Temps de lecture : 4 min
Rue après rue, le même décor revient inlassablement. À chaque intersection, un épais mur de pavés gris se dresse en travers du chemin. De part et d’autre, de longues bâches de plastique bleu sont hissées en l’air pour bloquer la vue. Certaines voies d’accès sont, elles, totalement bloquées par un poids lourd, garé sauvagement au beau milieu de la route. À l’intérieur de ce camp retranché, les habitants s’affairent avant la nuit. On fait le plein de nourriture, on prend quelques nouvelles des voisins, on emmène à la hâte, dans une brouette, un enfant malade voir un médecin.

La ville de Nusaybin, à cheval sur la frontière turco-syrienne, en est à son cinquième couvre-feu depuis le début de l’été et la reprise des combats entre les forces de sécurité turques et les combattants du Parti des travailleurs du Kurdistan, le PKK. Près de quarante jours de “siège” imposés par le gouverneur local (aux ordres de l’exécutif turc, qui interdit le PKK) pour “pacifier” le territoire. Le quartier de Firat et ses quelques milliers d’âmes sont en première ligne de cette vaste opération militaire, lancée par Ankara pour nettoyer le sud-est – à majorité kurde – des forces du PKK, “quartier par quartier, maison par maison, rue par rue”, comme ne cesse de le rappeler le Premier ministre turc Ahmet Davutoglu.
Malgré le climat de violence et les privations des dernières semaines, le PKK a toujours bonne presse dans le quartier. “Il y a des raisons historiques à cela”, expliquent des riverains. En effet, bon nombre des habitants de Firat ont été chassés de leurs villages par l’armée turque, dans les années 90, au plus fort de la guerre entre Ankara et l’organisation kurde, qui a fait 40 000 victimes depuis 1984. Une rancœur tenace contre le Devlet (l’État turc) qui se mêle à un sentiment de fierté, puisqu’à quelques kilomètres de là, par-delà la frontière, le PYD, cousin syrien du PKK, et ses combattants, les YPG – dont le drapeau flotte parfois au-dessus des rues de Firat –, contrôlent désormais une large bande de territoire au nord de la Syrie et tiennent tête aux djihadistes de l’État islamique.

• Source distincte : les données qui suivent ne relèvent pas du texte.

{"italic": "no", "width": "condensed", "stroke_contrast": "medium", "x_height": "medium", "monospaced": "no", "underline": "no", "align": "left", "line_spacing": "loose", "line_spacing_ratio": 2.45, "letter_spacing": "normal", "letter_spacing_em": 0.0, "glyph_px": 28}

Ainsi, de nombreux jeunes Kurdes du quartier mais aussi des autres villes de Turquie continuent de prendre le chemin des “montagnes” pour venir gonfler les rangs du PKK. Après quelques mois d’entraînement, on les retrouve ici, dans les ruelles de Firat, bien décidés à en découdre. Ils viennent prêter main-forte aux YDG-H, ces jeunes issus des quartiers qui constituent la branche urbaine du PKK et qui tiennent tête aux forces de sécurité turques. C’est à eux que l’on doit le complexe système de barricades, censé prévenir l’entrée des soldats. “Sans ces barricades, l’armée et les policiers viendraient tuer les habitants, les hommes, les femmes, les enfants. Ces barricades sont le symbole de notre lutte et de notre liberté”, récite l’un d’entre eux.

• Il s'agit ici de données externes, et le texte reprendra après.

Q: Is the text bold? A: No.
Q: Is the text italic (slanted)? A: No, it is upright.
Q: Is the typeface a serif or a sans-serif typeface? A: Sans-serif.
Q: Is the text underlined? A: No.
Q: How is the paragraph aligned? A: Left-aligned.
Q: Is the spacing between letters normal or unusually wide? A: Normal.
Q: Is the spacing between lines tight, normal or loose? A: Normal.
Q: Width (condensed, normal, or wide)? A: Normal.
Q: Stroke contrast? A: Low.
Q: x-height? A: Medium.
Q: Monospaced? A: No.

Partout à travers le sud-est de la Turquie, ce climat de quasi-guerre civile s’étend. Plus d’une cinquantaine de couvre-feux ont déjà été imposés par les gouverneurs dans ces régions kurdes, depuis la mi-août, impactant la vie de plus de 1,3 million d’habitants, rappelait en début de mois la Fondation pour les droits de l’homme de Turquie (TIHV). Et l’organisation de s’alarmer notamment des conditions de vie des civils pris au piège des combats (70 auraient perdu la vie en cinq mois). Des civils forcés de rester confinés dans leurs maisons où les coupures d’eau, d’électricité et de réseau mobile sont monnaie courante. Impossible de vivre normalement dans cet état de siège où les hôpitaux, les administrations locales ou encore les écoles sont à l’arrêt.

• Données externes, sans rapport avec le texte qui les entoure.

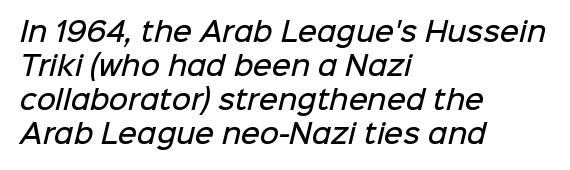
Q: Is the text bold? A: Semi-bold.
Q: Is the text underlined? A: No.
Q: How is the paragraph aligned? A: Left-aligned.
Q: Is the spacing between letters normal or unusually wide? A: Normal.
Q: Is the spacing between lines tight, normal or loose? A: Normal.
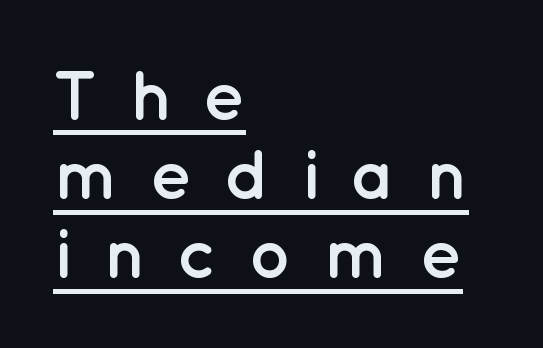
The image shows 70 px semibold sans-serif type, upright; set left-aligned, tight line spacing (1.13x), unusually wide letter spacing (+0.44 em), underlined; low stroke contrast and a medium x-height.
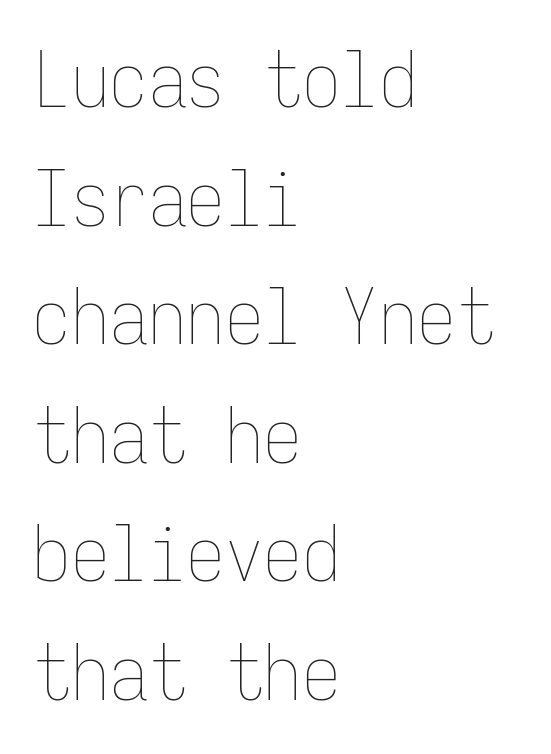
{"italic": "no", "bold": "no", "weight": "thin", "width": "condensed", "stroke_contrast": "low", "x_height": "medium", "monospaced": "yes", "underline": "no", "align": "left", "line_spacing": "normal", "line_spacing_ratio": 1.54, "letter_spacing": "normal", "letter_spacing_em": 0.0, "glyph_px": 77}
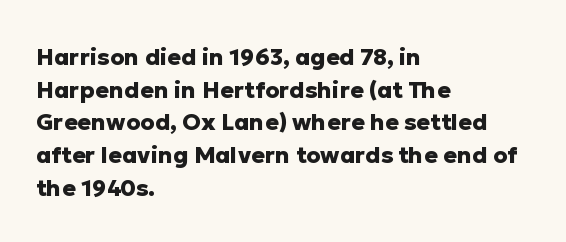
{"italic": "no", "bold": "yes", "underline": "no", "align": "left", "line_spacing": "normal", "line_spacing_ratio": 1.42, "letter_spacing": "normal", "letter_spacing_em": 0.0, "glyph_px": 23}

À la mi-décembre, à l’annonce de l’imminence d’un nouveau couvre-feu, la quasi-totalité des quelque 3 000 enseignants de la région de Cizre et Silopi (deux villes près de la frontière irakienne) ont quitté dans la précipitation leurs villes. Les habitants, pour leur part, n’ont eu d’autre choix que de se ruer dans les magasins pour faire des provisions. Et pour cause, depuis près d’une semaine maintenant, ces deux villes vivent presque coupées du monde. Pour venir à bout des combattants kurdes, Ankara n’a pas hésité à déployer 10 000 soldats et policiers. À l’intérieur des deux cités, les témoins rapportent des faits dignes de scènes de guerre. Des centaines de maisons ont déjà été détruites. Selon un bilan de l’armée, plus d’une centaine de combattants kurdes auraient été tués et deux soldats turcs sont morts.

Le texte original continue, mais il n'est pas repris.